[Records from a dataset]
----------------

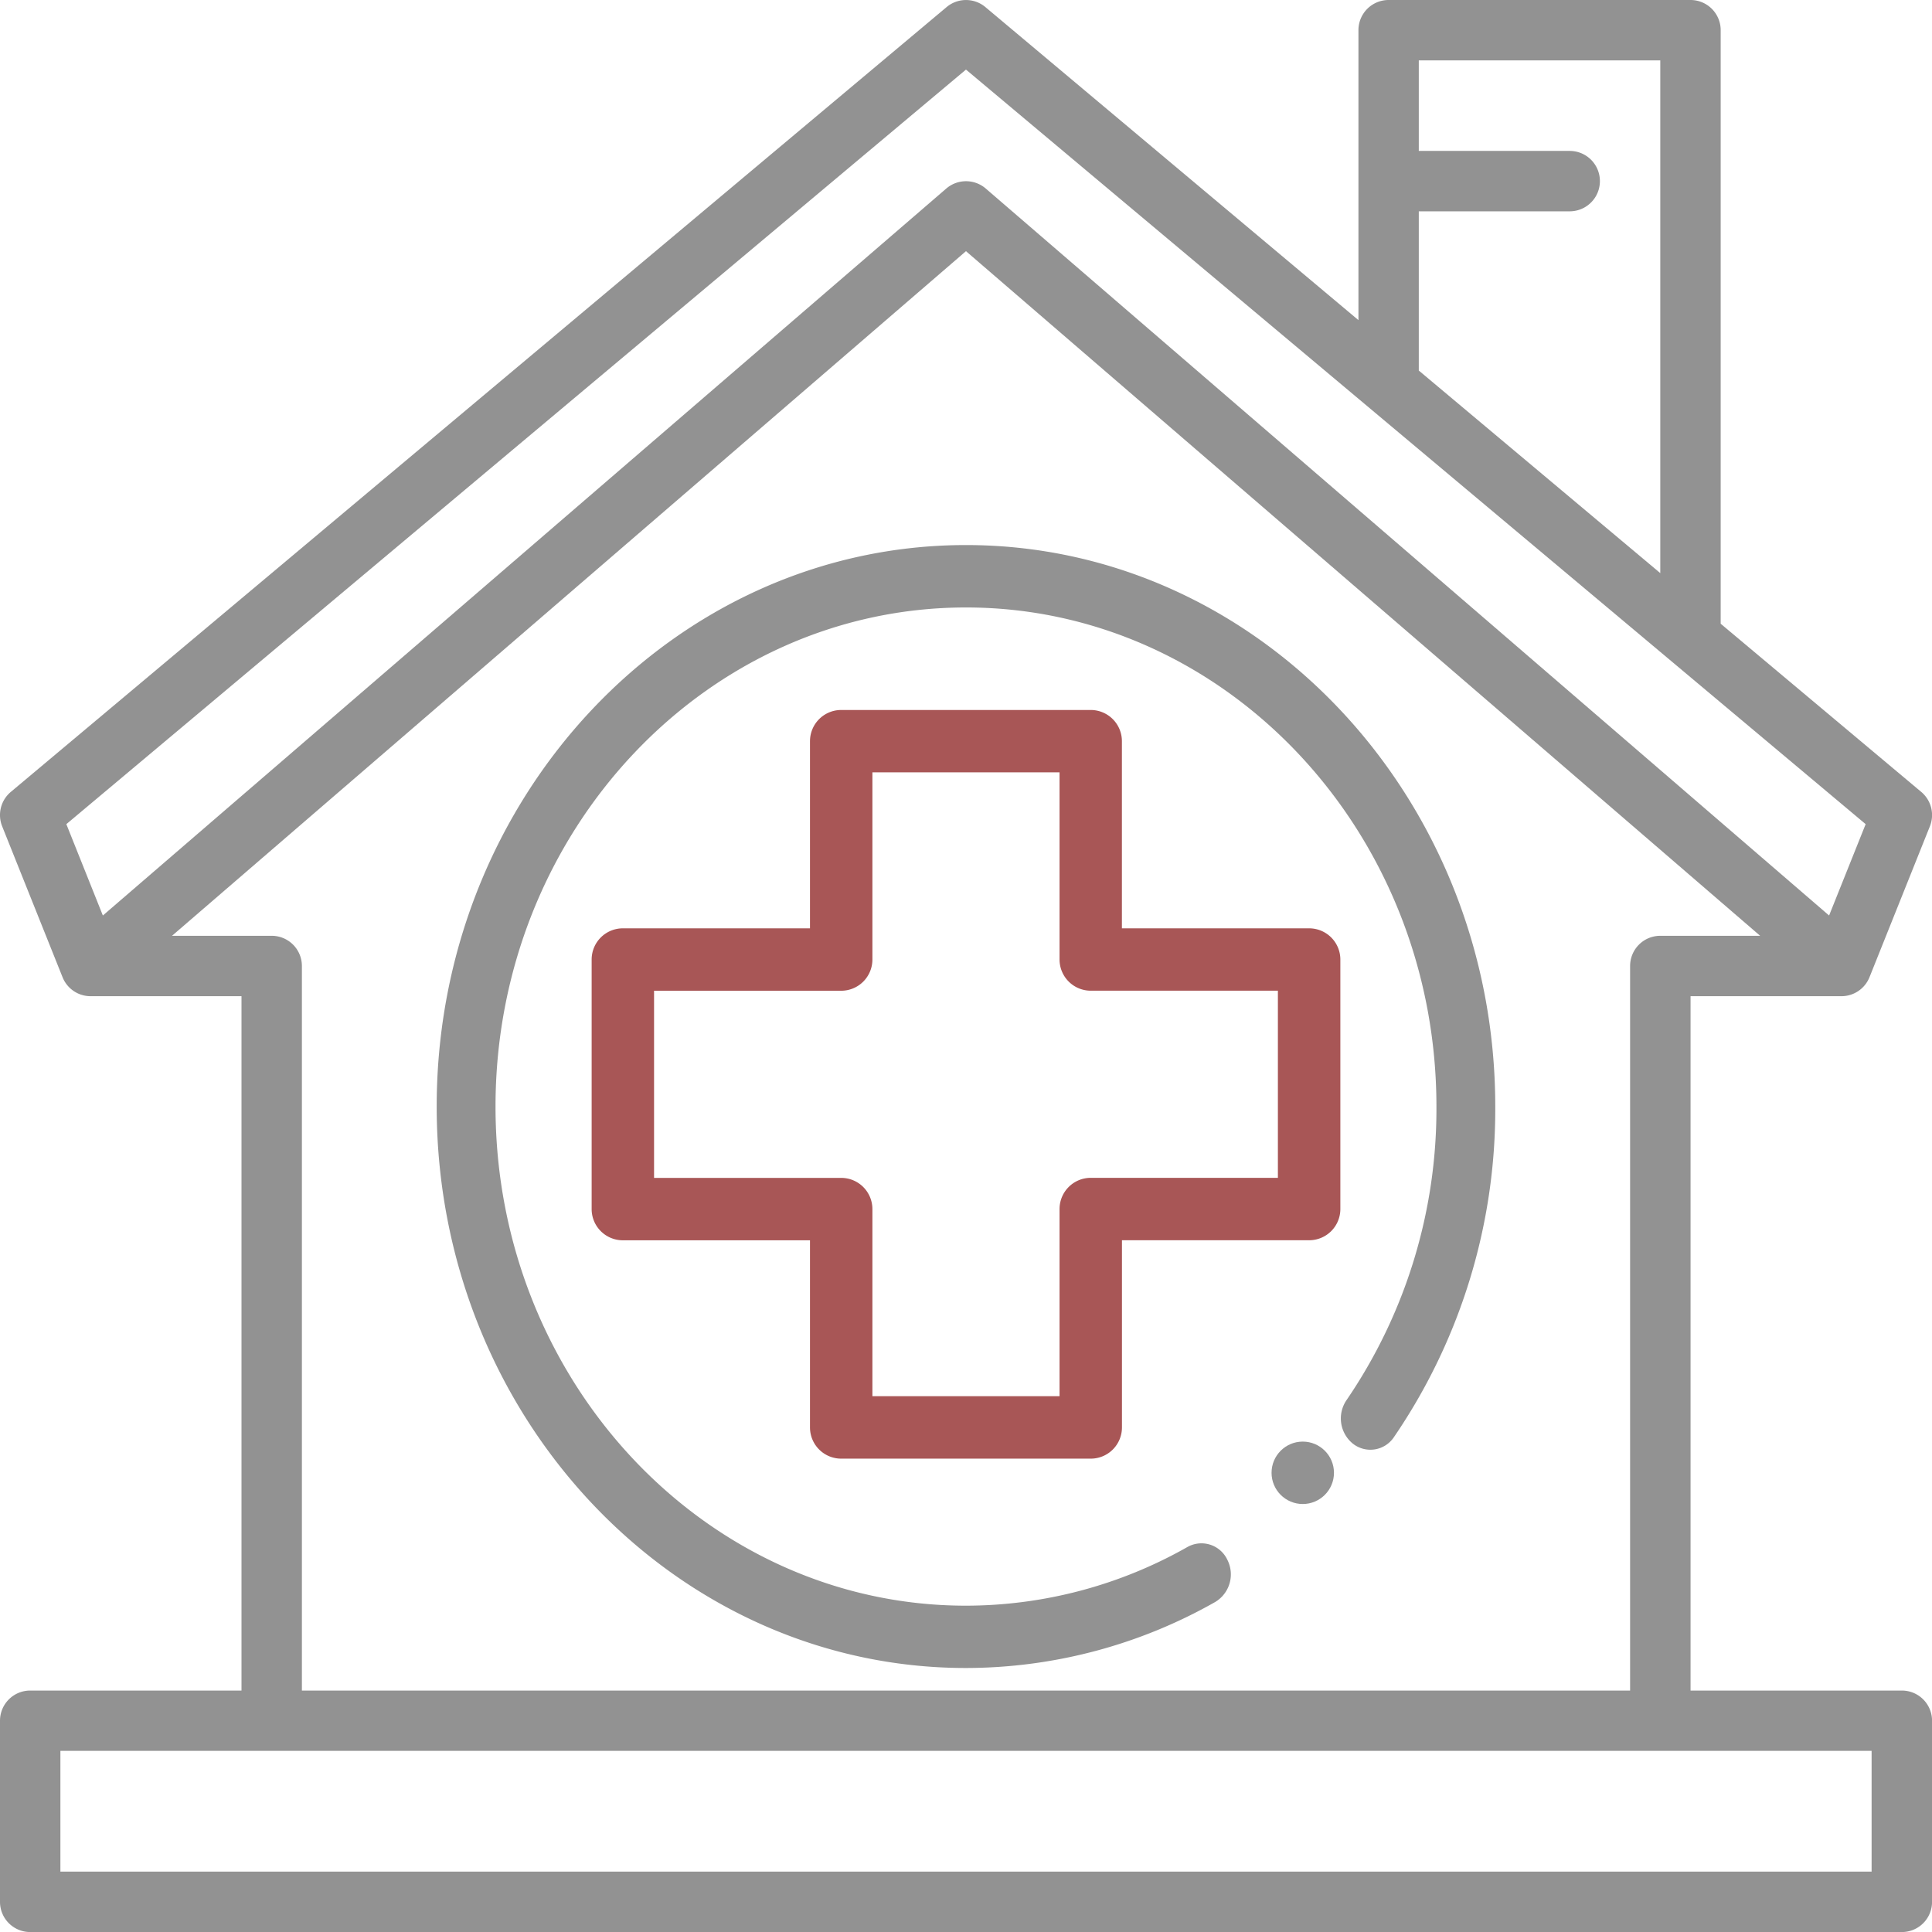 <svg id="house-cleaning" xmlns="http://www.w3.org/2000/svg" width="39.313" height="39.313" viewBox="0 0 39.313 39.313">
  <path id="Path_2570" data-name="Path 2570" d="M25.078,39.234h5.078a.635.635,0,0,0,.635-.635V34.79H34.6a.635.635,0,0,0,.635-.635V29.078a.635.635,0,0,0-.635-.635H30.79V24.635A.635.635,0,0,0,30.156,24H25.078a.635.635,0,0,0-.635.635v3.808H20.635a.635.635,0,0,0-.635.635v5.078a.635.635,0,0,0,.635.635h3.808V38.6A.635.635,0,0,0,25.078,39.234Zm-3.808-5.713V29.713h3.808a.635.635,0,0,0,.635-.635V25.269h3.808v3.808a.635.635,0,0,0,.635.635h3.808v3.808H30.156a.635.635,0,0,0-.635.635v3.808H25.713V34.156a.635.635,0,0,0-.635-.635Z" transform="translate(-7.961 -9.553)" fill="#a85656"/>
  <path id="Path_2571" data-name="Path 2571" d="M38.7,34.4H34.4V20.271H37.47a.616.616,0,0,0,.571-.386l1.229-3.071a.615.615,0,0,0-.176-.7l-4.081-3.422V.614A.614.614,0,0,0,34.4,0H28.256a.614.614,0,0,0-.614.614v5.9L20.051.144a.614.614,0,0,0-.789,0L.22,16.114a.615.615,0,0,0-.176.7l1.229,3.071a.614.614,0,0,0,.57.386H4.914V34.4H.614A.614.614,0,0,0,0,35.013V38.7a.614.614,0,0,0,.614.614H38.7a.614.614,0,0,0,.614-.614V35.013A.614.614,0,0,0,38.7,34.4ZM28.87,4.3h3.071a.614.614,0,0,0,0-1.229H28.87V1.229h4.914V11.662L28.87,7.54ZM19.656,1.416,37.963,16.77l-.744,1.859L20.057,3.835a.616.616,0,0,0-.8,0L2.093,18.629,1.35,16.77ZM5.528,19.042H3.5L19.656,5.111l16.16,13.931H33.784a.614.614,0,0,0-.614.614V34.4H6.143V19.656A.614.614,0,0,0,5.528,19.042ZM38.084,38.084H1.229V35.627H38.084Z" transform="translate(0 0)" fill="#929292"/>
  <path id="Path_2572" data-name="Path 2572" d="M24.77,40.85a10.3,10.3,0,0,0,5.073-1.344.655.655,0,0,0,.245-.859.582.582,0,0,0-.81-.26,9.151,9.151,0,0,1-4.508,1.195c-5.278,0-9.573-4.556-9.573-10.156s4.295-10.156,9.573-10.156,9.573,4.556,9.573,10.156a10.5,10.5,0,0,1-1.83,5.974.66.66,0,0,0,.132.887.576.576,0,0,0,.836-.139,11.815,11.815,0,0,0,2.059-6.722C35.54,23.125,30.708,18,24.77,18S14,23.125,14,29.425,18.832,40.85,24.77,40.85Z" transform="translate(-5.114 -6.909)" fill="#929292"/>
  <circle id="Ellipse_110" data-name="Ellipse 110" cx="0.635" cy="0.635" r="0.635" transform="translate(25.874 29.334)" fill="#929292"/>
</svg>

----------------

■ Problem
Copy all the entries word for word. Omit any pictures.

■ Reply to the exercise
 <svg id="house-cleaning" xmlns="http://www.w3.org/2000/svg" width="39.313" height="39.313" viewBox="0 0 39.313 39.313">
  <path id="Path_2570" data-name="Path 2570" d="M25.078,39.234h5.078a.635.635,0,0,0,.635-.635V34.79H34.6a.635.635,0,0,0,.635-.635V29.078a.635.635,0,0,0-.635-.635H30.79V24.635A.635.635,0,0,0,30.156,24H25.078a.635.635,0,0,0-.635.635v3.808H20.635a.635.635,0,0,0-.635.635v5.078a.635.635,0,0,0,.635.635h3.808V38.6A.635.635,0,0,0,25.078,39.234Zm-3.808-5.713V29.713h3.808a.635.635,0,0,0,.635-.635V25.269h3.808v3.808a.635.635,0,0,0,.635.635h3.808v3.808H30.156a.635.635,0,0,0-.635.635v3.808H25.713V34.156a.635.635,0,0,0-.635-.635Z" transform="translate(-7.961 -9.553)" fill="#a85656"/>
  <path id="Path_2571" data-name="Path 2571" d="M38.7,34.4H34.4V20.271H37.47a.616.616,0,0,0,.571-.386l1.229-3.071a.615.615,0,0,0-.176-.7l-4.081-3.422V.614A.614.614,0,0,0,34.4,0H28.256a.614.614,0,0,0-.614.614v5.9L20.051.144a.614.614,0,0,0-.789,0L.22,16.114a.615.615,0,0,0-.176.7l1.229,3.071a.614.614,0,0,0,.57.386H4.914V34.4H.614A.614.614,0,0,0,0,35.013V38.7a.614.614,0,0,0,.614.614H38.7a.614.614,0,0,0,.614-.614V35.013A.614.614,0,0,0,38.7,34.4ZM28.87,4.3h3.071a.614.614,0,0,0,0-1.229H28.87V1.229h4.914V11.662L28.87,7.54ZM19.656,1.416,37.963,16.77l-.744,1.859L20.057,3.835a.616.616,0,0,0-.8,0L2.093,18.629,1.35,16.77ZM5.528,19.042H3.5L19.656,5.111l16.16,13.931H33.784a.614.614,0,0,0-.614.614V34.4H6.143V19.656A.614.614,0,0,0,5.528,19.042ZM38.084,38.084H1.229V35.627H38.084Z" transform="translate(0 0)" fill="#929292"/>
  <path id="Path_2572" data-name="Path 2572" d="M24.77,40.85a10.3,10.3,0,0,0,5.073-1.344.655.655,0,0,0,.245-.859.582.582,0,0,0-.81-.26,9.151,9.151,0,0,1-4.508,1.195c-5.278,0-9.573-4.556-9.573-10.156s4.295-10.156,9.573-10.156,9.573,4.556,9.573,10.156a10.5,10.5,0,0,1-1.83,5.974.66.66,0,0,0,.132.887.576.576,0,0,0,.836-.139,11.815,11.815,0,0,0,2.059-6.722C35.54,23.125,30.708,18,24.77,18S14,23.125,14,29.425,18.832,40.85,24.77,40.85Z" transform="translate(-5.114 -6.909)" fill="#929292"/>
  <circle id="Ellipse_110" data-name="Ellipse 110" cx="0.635" cy="0.635" r="0.635" transform="translate(25.874 29.334)" fill="#929292"/>
</svg>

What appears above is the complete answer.